## Exercise description
Copy every line below precisely, leaving nothing out.

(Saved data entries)
++++++

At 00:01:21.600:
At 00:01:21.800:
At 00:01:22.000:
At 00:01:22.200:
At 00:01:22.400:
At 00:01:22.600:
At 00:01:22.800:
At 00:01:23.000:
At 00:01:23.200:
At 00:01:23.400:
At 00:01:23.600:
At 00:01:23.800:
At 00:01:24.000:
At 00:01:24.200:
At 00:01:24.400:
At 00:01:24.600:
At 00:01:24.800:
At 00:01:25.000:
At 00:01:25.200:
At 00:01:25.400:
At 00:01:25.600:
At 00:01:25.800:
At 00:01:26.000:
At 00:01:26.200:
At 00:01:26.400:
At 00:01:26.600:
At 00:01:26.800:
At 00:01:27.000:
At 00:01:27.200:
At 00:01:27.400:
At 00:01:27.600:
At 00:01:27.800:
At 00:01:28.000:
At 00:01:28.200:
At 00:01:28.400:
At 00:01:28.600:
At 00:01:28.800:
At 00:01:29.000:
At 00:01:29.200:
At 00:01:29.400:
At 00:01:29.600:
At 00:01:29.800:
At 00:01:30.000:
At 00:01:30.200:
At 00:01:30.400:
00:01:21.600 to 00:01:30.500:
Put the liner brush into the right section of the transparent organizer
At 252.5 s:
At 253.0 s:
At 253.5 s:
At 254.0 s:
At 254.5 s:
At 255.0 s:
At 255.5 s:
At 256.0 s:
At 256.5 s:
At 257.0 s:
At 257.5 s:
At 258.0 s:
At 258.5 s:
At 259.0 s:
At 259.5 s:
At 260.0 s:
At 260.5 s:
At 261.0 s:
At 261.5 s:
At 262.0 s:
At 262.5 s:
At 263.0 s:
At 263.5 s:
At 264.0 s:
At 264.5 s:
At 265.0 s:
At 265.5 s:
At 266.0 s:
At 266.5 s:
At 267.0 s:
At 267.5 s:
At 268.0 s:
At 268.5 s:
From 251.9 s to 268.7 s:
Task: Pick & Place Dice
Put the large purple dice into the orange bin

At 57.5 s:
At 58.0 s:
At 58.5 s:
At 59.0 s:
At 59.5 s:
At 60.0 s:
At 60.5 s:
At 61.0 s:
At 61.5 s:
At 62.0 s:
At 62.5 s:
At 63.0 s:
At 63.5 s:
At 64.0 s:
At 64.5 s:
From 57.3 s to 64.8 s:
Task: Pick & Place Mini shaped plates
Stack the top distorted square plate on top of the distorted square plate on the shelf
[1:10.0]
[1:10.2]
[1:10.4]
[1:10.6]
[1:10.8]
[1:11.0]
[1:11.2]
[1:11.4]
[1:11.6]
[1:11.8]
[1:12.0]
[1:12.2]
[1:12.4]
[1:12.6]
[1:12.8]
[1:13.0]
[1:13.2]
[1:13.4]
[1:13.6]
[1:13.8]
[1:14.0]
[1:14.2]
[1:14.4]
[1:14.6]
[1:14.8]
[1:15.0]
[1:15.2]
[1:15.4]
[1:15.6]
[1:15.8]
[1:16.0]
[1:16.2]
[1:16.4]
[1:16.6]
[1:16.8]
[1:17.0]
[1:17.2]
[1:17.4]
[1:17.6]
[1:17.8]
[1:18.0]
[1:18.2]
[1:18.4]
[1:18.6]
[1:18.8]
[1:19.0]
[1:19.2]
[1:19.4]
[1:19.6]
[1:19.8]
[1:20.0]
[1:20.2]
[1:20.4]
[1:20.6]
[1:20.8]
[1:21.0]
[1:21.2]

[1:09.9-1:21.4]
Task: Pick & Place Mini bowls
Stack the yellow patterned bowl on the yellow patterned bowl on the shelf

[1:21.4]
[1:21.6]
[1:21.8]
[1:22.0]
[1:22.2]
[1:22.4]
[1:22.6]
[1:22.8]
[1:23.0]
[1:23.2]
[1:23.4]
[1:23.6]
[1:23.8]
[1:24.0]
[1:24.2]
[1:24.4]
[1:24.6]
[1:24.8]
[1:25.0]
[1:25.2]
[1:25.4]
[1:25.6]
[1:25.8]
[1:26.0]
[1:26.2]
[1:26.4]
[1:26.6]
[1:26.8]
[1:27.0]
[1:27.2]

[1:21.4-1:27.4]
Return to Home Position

++++++

## Solution
At 00:01:21.600:
At 00:01:21.800:
At 00:01:22.000:
At 00:01:22.200:
At 00:01:22.400:
At 00:01:22.600:
At 00:01:22.800:
At 00:01:23.000:
At 00:01:23.200:
At 00:01:23.400:
At 00:01:23.600:
At 00:01:23.800:
At 00:01:24.000:
At 00:01:24.200:
At 00:01:24.400:
At 00:01:24.600:
At 00:01:24.800:
At 00:01:25.000:
At 00:01:25.200:
At 00:01:25.400:
At 00:01:25.600:
At 00:01:25.800:
At 00:01:26.000:
At 00:01:26.200:
At 00:01:26.400:
At 00:01:26.600:
At 00:01:26.800:
At 00:01:27.000:
At 00:01:27.200:
At 00:01:27.400:
At 00:01:27.600:
At 00:01:27.800:
At 00:01:28.000:
At 00:01:28.200:
At 00:01:28.400:
At 00:01:28.600:
At 00:01:28.800:
At 00:01:29.000:
At 00:01:29.200:
At 00:01:29.400:
At 00:01:29.600:
At 00:01:29.800:
At 00:01:30.000:
At 00:01:30.200:
At 00:01:30.400:
00:01:21.600 to 00:01:30.500:
Put the liner brush into the right section of the transparent organizer
At 252.5 s:
At 253.0 s:
At 253.5 s:
At 254.0 s:
At 254.5 s:
At 255.0 s:
At 255.5 s:
At 256.0 s:
At 256.5 s:
At 257.0 s:
At 257.5 s:
At 258.0 s:
At 258.5 s:
At 259.0 s:
At 259.5 s:
At 260.0 s:
At 260.5 s:
At 261.0 s:
At 261.5 s:
At 262.0 s:
At 262.5 s:
At 263.0 s:
At 263.5 s:
At 264.0 s:
At 264.5 s:
At 265.0 s:
At 265.5 s:
At 266.0 s:
At 266.5 s:
At 267.0 s:
At 267.5 s:
At 268.0 s:
At 268.5 s:
From 251.9 s to 268.7 s:
Task: Pick & Place Dice
Put the large purple dice into the orange bin

At 57.5 s:
At 58.0 s:
At 58.5 s:
At 59.0 s:
At 59.5 s:
At 60.0 s:
At 60.5 s:
At 61.0 s:
At 61.5 s:
At 62.0 s:
At 62.5 s:
At 63.0 s:
At 63.5 s:
At 64.0 s:
At 64.5 s:
From 57.3 s to 64.8 s:
Task: Pick & Place Mini shaped plates
Stack the top distorted square plate on top of the distorted square plate on the shelf
[1:10.0]
[1:10.2]
[1:10.4]
[1:10.6]
[1:10.8]
[1:11.0]
[1:11.2]
[1:11.4]
[1:11.6]
[1:11.8]
[1:12.0]
[1:12.2]
[1:12.4]
[1:12.6]
[1:12.8]
[1:13.0]
[1:13.2]
[1:13.4]
[1:13.6]
[1:13.8]
[1:14.0]
[1:14.2]
[1:14.4]
[1:14.6]
[1:14.8]
[1:15.0]
[1:15.2]
[1:15.4]
[1:15.6]
[1:15.8]
[1:16.0]
[1:16.2]
[1:16.4]
[1:16.6]
[1:16.8]
[1:17.0]
[1:17.2]
[1:17.4]
[1:17.6]
[1:17.8]
[1:18.0]
[1:18.2]
[1:18.4]
[1:18.6]
[1:18.8]
[1:19.0]
[1:19.2]
[1:19.4]
[1:19.6]
[1:19.8]
[1:20.0]
[1:20.2]
[1:20.4]
[1:20.6]
[1:20.8]
[1:21.0]
[1:21.2]

[1:09.9-1:21.4]
Task: Pick & Place Mini bowls
Stack the yellow patterned bowl on the yellow patterned bowl on the shelf

[1:21.4]
[1:21.6]
[1:21.8]
[1:22.0]
[1:22.2]
[1:22.4]
[1:22.6]
[1:22.8]
[1:23.0]
[1:23.2]
[1:23.4]
[1:23.6]
[1:23.8]
[1:24.0]
[1:24.2]
[1:24.4]
[1:24.6]
[1:24.8]
[1:25.0]
[1:25.2]
[1:25.4]
[1:25.6]
[1:25.8]
[1:26.0]
[1:26.2]
[1:26.4]
[1:26.6]
[1:26.8]
[1:27.0]
[1:27.2]

[1:21.4-1:27.4]
Return to Home Position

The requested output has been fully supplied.